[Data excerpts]
########

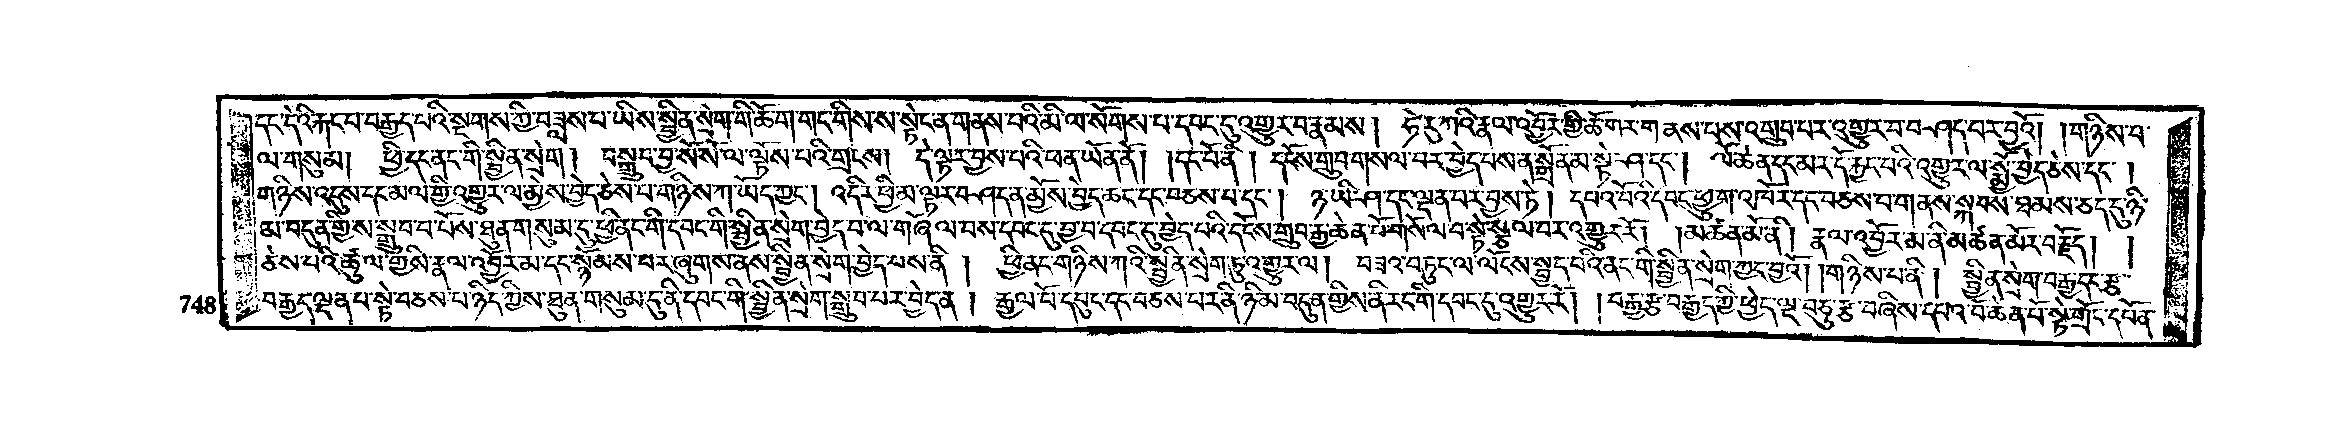དང་དེའི་རྐང་པ་བརྒྱད་པའི་སྔགས་ཀྱི་བཟླས་པ་ཡིས་སྦྱིན་སྲེག་གི་ཆོ་ག་གང་གིས་ས་སྟེང་ན་གནས་པའི་མི་ལ་སོགས་པ་དབང་དུ་འགྱུར་བ་རྣམས། ཧེ་རུ་ཀའི་རྣལ་འབྱོར་གྱི་ཆོ་གར་གནས་པས་འགྲུབ་པར་འགྱུར་བ་བཤད་པར་བྱའོ། །གཉིས་པ་
ལ་གསུམ། ཕྱི་དང་ནང་གི་སྦྱིན་སྲེག །བསྒྲུབ་བྱ་སོ་སོ་ལ་ལྟོས་པའི་གྲངས། དེ་ལྟར་བྱས་པའི་ཕན་ཡོན་ནོ། །དང་པོ་ནི། དངོས་གྲུབ་གསལ་བར་བྱེད་པས་ན་སྒྲོན་མ་སྟེ་ཤ་དང་། ལོ་ཆེན་དང་མར་དོ་རྐྱང་པའི་འགྱུར་ལ་སྨྱོ་བྱེད་ཅེས་དང་།
གཉིས་འདུས་དང་མལ་གྱི་འགྱུར་ལ་མྱོས་བྱེད་ཅེས་པ་གཉིས་ཀ་ཡོད་ཀྱང་། འདིར་ཕྱི་མ་ལྟར་བཤད་ན་མྱོས་བྱེད་ཆང་དང་བཅས་པ་དང་། ཉ་ཡི་ཤ་དང་ལྡན་པར་བྱས་ཏེ། དཔའ་བོའི་དབང་ཕྱུག་འཁོར་དང་བཅས་པ་གནས་སྐབས་ཐམས་ཅད་དུ་ཉི་
མ་བདུན་གྱིས་སྒྲུབ་པ་པོས་ཐུན་གསུམ་དུ་ཕྱི་ནང་གི་དབང་གི་སྦྱིན་སྲེག་བྱེད་པ་ལ་གཞོལ་བས་དབང་དུ་བྱ་བ་དབང་དུ་བྱེད་པའི་དངོས་གྲུབ་རྒྱ་ཆེན་པོ་གསོལ་བ་སྟེ་སྩོལ་བར་འགྱུར་རོ། །མཚན་མོ་ནི། རྣལ་འབྱོར་མ་ནི་མཚན་མོར་བརྗོད། །
ཅེས་པའི་ཚུལ་གྱིས་རྣལ་འབྱོར་མ་དང་སྙོམས་པར་ཞུགས་ནས་སྦྱིན་སྲེག་བྱེད་པས་ནི། ཕྱི་ནང་གཉིས་ཀའི་སྦྱིན་སྲེག་ཏུ་འགྱུར་ལ། བཟའ་བཏུང་ལ་ལོངས་སྤྱད་པའི་ནང་གི་སྦྱིན་སྲེག་ཀྱང་བྱའོ། །གཉིས་པ་ནི། སྦྱིན་སྲེག་བརྒྱ་དང་རྩ་
བརྒྱད་ལྡན་པ་སྟེ་བཅས་པ་ཉིད་ཀྱིས་ཐུན་གསུམ་དུ་ནི་དབང་གི་སྦྱིན་སྲེག་སྒྲུབ་པར་བྱེད་ན། རྒྱལ་པོ་དཔུང་དང་བཅས་པར་ནི་ཉི་མ་བདུན་གྱིས་ནི་རང་གི་དབང་དུ་འགྱུར་རོ། །བརྒྱ་རྩ་བརྒྱད་ཀྱི་ཕྱེད་ལྔ་བཅུ་རྩ་བཞིས་དཔའ་བོ་ཆེན་པོ་སྟེ་གྲོང་དཔོན་
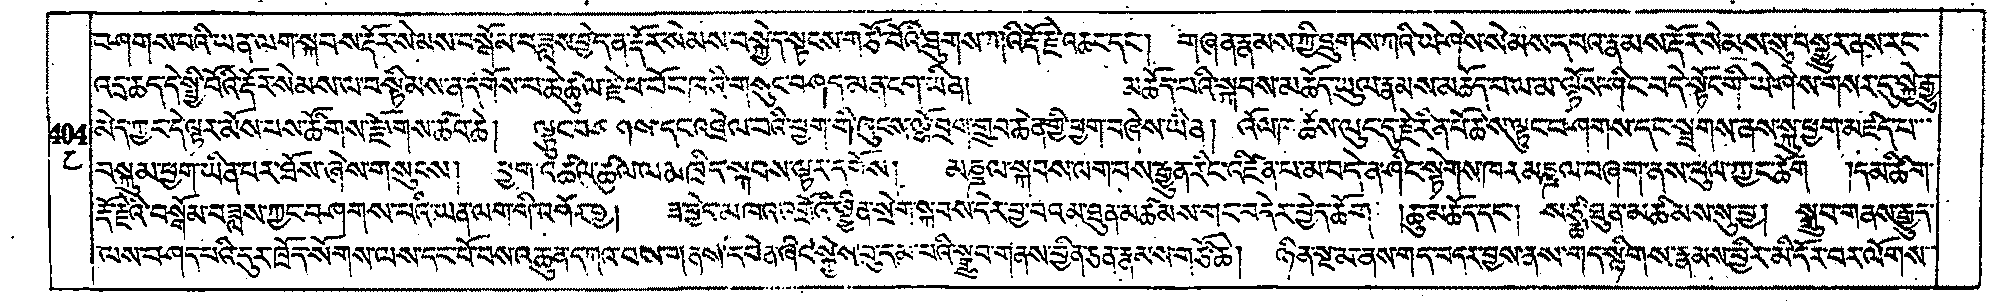བཤགས་པའི་ཡན་ལག་སྐབས་རྡོར་སེམས་བསྒོམ་བཟླས་བྱེད་ན་རྡོར་སེམས་བསྐྱེད་སྟངས་གཙོ་བོའི་ཐུགས་ཀའི་རྡོ་རྗེ་འཆང་དང་། གཞན་རྣམས་ཀྱི་ཐུགས་ཀའི་ཡེ་ཤེས་སེམས་དཔའ་རྣམས་རྡོར་སེམས་སུ་བསྒྱུར་ནས་རང་་་
འདྲ་ཆད་དེ་སྤྱི་བོའི་རྡོར་སེམས་ལ་བསྟིམས་ན་དགོས་པ་ཆེ་ཚུལ་རྗེ་ཕ་བོང་ཁའི་གསུང་བཤད་མན་ངག་ཡིན། མཆོད་པའི་སྐབས་མཆོད་ཡུལ་རྣམས་མཆོད་པ་ལ་མ་ལྟོས་ཤིང་བདེ་སྟོང་གི་ཡེ་ཤེས་གསར་དུ་སྐྱེ་རྒྱུ་
མེད་ཀྱང་དེ་ལྟར་མོས་པས་ཚོགས་རྫོགས་ཚབ་ཆེ། ལྟུང་བཤགས་དང་འབྲེལ་བའི་ཕྱག་གི་ཁུངས་ལྷོ་བྲག་གྲུབ་ཆེན་གྱི་ཕྱག་བཞེས་ཡིན། འོལ་ཁ་ཆོས་ལུང་དུ་རྗེ་རིན་པོ་ཆེས་ལྟུང་བཤགས་དང་སྦྲགས་ནས་སྐུ་ཕྱག་མཛད་པ་་་
བསྐུམ་ཕྱག་ཡིན་པར་ཐོས་ཞེས་གསུངས། ཕྱག་འཚལ་ཚུལ་ཚུལ་ལམ་ཁྲིད་སྐབས་ལྟར་དགོས། མཎྜལ་སྐབས་ལག་པས་རྒྱུན་རིང་འཛིན་པ་མ་བདེ་ན་ཤིང་སྟེགས་ཁར་མཎྜལ་བཞག་ནས་ཕུལ་ཀྱང་ཆོག །དམ་ཚིག་
རྡོ་རྗེའི་བསྒོམ་བཟླས་ཀྱང་བཤགས་པའི་ཡན་ལག་གི་འགོར་བྱ། ཟ་བྱེད་མཁའ་འགྲོའི་སྦྱིན་སྲེག་སྐབས་དེར་བྱ་བའམ་ཐུན་མཚམས་གང་བདེར་བྱེད་ཆོག །ཆུ་མཆོད་དང་། སཙྪ་ཐུན་མཚམས་སུ་བྱ། སྒྲུབ་གནས་རྒྱུད་
ལས་བཤད་པའི་དུར་ཁྲོད་སོགས་ལས་དང་པོ་བས་འཆུན་དཀའ་བས་གནས་དབེན་ཞིང་སྐྱེས་བུ་དམ་པའི་སྒྲུབ་གནས་བྱིན་ཅན་རྣམས་གཙོ་ཨེཆེ། ཉིན་སྔ་མ་ནས་གད་བདར་བྱས་ནས་གད་སྙིགས་རྣམས་ཕྱིར་མི་དོར་བར་ལོགས་་་

########

WHAT IS EXPECTED> Copy the data word for word, no pictures.

RESULT>
དང་དེའི་རྐང་པ་བརྒྱད་པའི་སྔགས་ཀྱི་བཟླས་པ་ཡིས་སྦྱིན་སྲེག་གི་ཆོ་ག་གང་གིས་ས་སྟེང་ན་གནས་པའི་མི་ལ་སོགས་པ་དབང་དུ་འགྱུར་བ་རྣམས། ཧེ་རུ་ཀའི་རྣལ་འབྱོར་གྱི་ཆོ་གར་གནས་པས་འགྲུབ་པར་འགྱུར་བ་བཤད་པར་བྱའོ། །གཉིས་པ་
ལ་གསུམ། ཕྱི་དང་ནང་གི་སྦྱིན་སྲེག །བསྒྲུབ་བྱ་སོ་སོ་ལ་ལྟོས་པའི་གྲངས། དེ་ལྟར་བྱས་པའི་ཕན་ཡོན་ནོ། །དང་པོ་ནི། དངོས་གྲུབ་གསལ་བར་བྱེད་པས་ན་སྒྲོན་མ་སྟེ་ཤ་དང་། ལོ་ཆེན་དང་མར་དོ་རྐྱང་པའི་འགྱུར་ལ་སྨྱོ་བྱེད་ཅེས་དང་།
གཉིས་འདུས་དང་མལ་གྱི་འགྱུར་ལ་མྱོས་བྱེད་ཅེས་པ་གཉིས་ཀ་ཡོད་ཀྱང་། འདིར་ཕྱི་མ་ལྟར་བཤད་ན་མྱོས་བྱེད་ཆང་དང་བཅས་པ་དང་། ཉ་ཡི་ཤ་དང་ལྡན་པར་བྱས་ཏེ། དཔའ་བོའི་དབང་ཕྱུག་འཁོར་དང་བཅས་པ་གནས་སྐབས་ཐམས་ཅད་དུ་ཉི་
མ་བདུན་གྱིས་སྒྲུབ་པ་པོས་ཐུན་གསུམ་དུ་ཕྱི་ནང་གི་དབང་གི་སྦྱིན་སྲེག་བྱེད་པ་ལ་གཞོལ་བས་དབང་དུ་བྱ་བ་དབང་དུ་བྱེད་པའི་དངོས་གྲུབ་རྒྱ་ཆེན་པོ་གསོལ་བ་སྟེ་སྩོལ་བར་འགྱུར་རོ། །མཚན་མོ་ནི། རྣལ་འབྱོར་མ་ནི་མཚན་མོར་བརྗོད། །
ཅེས་པའི་ཚུལ་གྱིས་རྣལ་འབྱོར་མ་དང་སྙོམས་པར་ཞུགས་ནས་སྦྱིན་སྲེག་བྱེད་པས་ནི། ཕྱི་ནང་གཉིས་ཀའི་སྦྱིན་སྲེག་ཏུ་འགྱུར་ལ། བཟའ་བཏུང་ལ་ལོངས་སྤྱད་པའི་ནང་གི་སྦྱིན་སྲེག་ཀྱང་བྱའོ། །གཉིས་པ་ནི། སྦྱིན་སྲེག་བརྒྱ་དང་རྩ་
བརྒྱད་ལྡན་པ་སྟེ་བཅས་པ་ཉིད་ཀྱིས་ཐུན་གསུམ་དུ་ནི་དབང་གི་སྦྱིན་སྲེག་སྒྲུབ་པར་བྱེད་ན། རྒྱལ་པོ་དཔུང་དང་བཅས་པར་ནི་ཉི་མ་བདུན་གྱིས་ནི་རང་གི་དབང་དུ་འགྱུར་རོ། །བརྒྱ་རྩ་བརྒྱད་ཀྱི་ཕྱེད་ལྔ་བཅུ་རྩ་བཞིས་དཔའ་བོ་ཆེན་པོ་སྟེ་གྲོང་དཔོན་
བཤགས་པའི་ཡན་ལག་སྐབས་རྡོར་སེམས་བསྒོམ་བཟླས་བྱེད་ན་རྡོར་སེམས་བསྐྱེད་སྟངས་གཙོ་བོའི་ཐུགས་ཀའི་རྡོ་རྗེ་འཆང་དང་། གཞན་རྣམས་ཀྱི་ཐུགས་ཀའི་ཡེ་ཤེས་སེམས་དཔའ་རྣམས་རྡོར་སེམས་སུ་བསྒྱུར་ནས་རང་་་
འདྲ་ཆད་དེ་སྤྱི་བོའི་རྡོར་སེམས་ལ་བསྟིམས་ན་དགོས་པ་ཆེ་ཚུལ་རྗེ་ཕ་བོང་ཁའི་གསུང་བཤད་མན་ངག་ཡིན། མཆོད་པའི་སྐབས་མཆོད་ཡུལ་རྣམས་མཆོད་པ་ལ་མ་ལྟོས་ཤིང་བདེ་སྟོང་གི་ཡེ་ཤེས་གསར་དུ་སྐྱེ་རྒྱུ་
མེད་ཀྱང་དེ་ལྟར་མོས་པས་ཚོགས་རྫོགས་ཚབ་ཆེ། ལྟུང་བཤགས་དང་འབྲེལ་བའི་ཕྱག་གི་ཁུངས་ལྷོ་བྲག་གྲུབ་ཆེན་གྱི་ཕྱག་བཞེས་ཡིན། འོལ་ཁ་ཆོས་ལུང་དུ་རྗེ་རིན་པོ་ཆེས་ལྟུང་བཤགས་དང་སྦྲགས་ནས་སྐུ་ཕྱག་མཛད་པ་་་
བསྐུམ་ཕྱག་ཡིན་པར་ཐོས་ཞེས་གསུངས། ཕྱག་འཚལ་ཚུལ་ཚུལ་ལམ་ཁྲིད་སྐབས་ལྟར་དགོས། མཎྜལ་སྐབས་ལག་པས་རྒྱུན་རིང་འཛིན་པ་མ་བདེ་ན་ཤིང་སྟེགས་ཁར་མཎྜལ་བཞག་ནས་ཕུལ་ཀྱང་ཆོག །དམ་ཚིག་
རྡོ་རྗེའི་བསྒོམ་བཟླས་ཀྱང་བཤགས་པའི་ཡན་ལག་གི་འགོར་བྱ། ཟ་བྱེད་མཁའ་འགྲོའི་སྦྱིན་སྲེག་སྐབས་དེར་བྱ་བའམ་ཐུན་མཚམས་གང་བདེར་བྱེད་ཆོག །ཆུ་མཆོད་དང་། སཙྪ་ཐུན་མཚམས་སུ་བྱ། སྒྲུབ་གནས་རྒྱུད་
ལས་བཤད་པའི་དུར་ཁྲོད་སོགས་ལས་དང་པོ་བས་འཆུན་དཀའ་བས་གནས་དབེན་ཞིང་སྐྱེས་བུ་དམ་པའི་སྒྲུབ་གནས་བྱིན་ཅན་རྣམས་གཙོ་ཨེཆེ། ཉིན་སྔ་མ་ནས་གད་བདར་བྱས་ནས་གད་སྙིགས་རྣམས་ཕྱིར་མི་དོར་བར་ལོགས་་་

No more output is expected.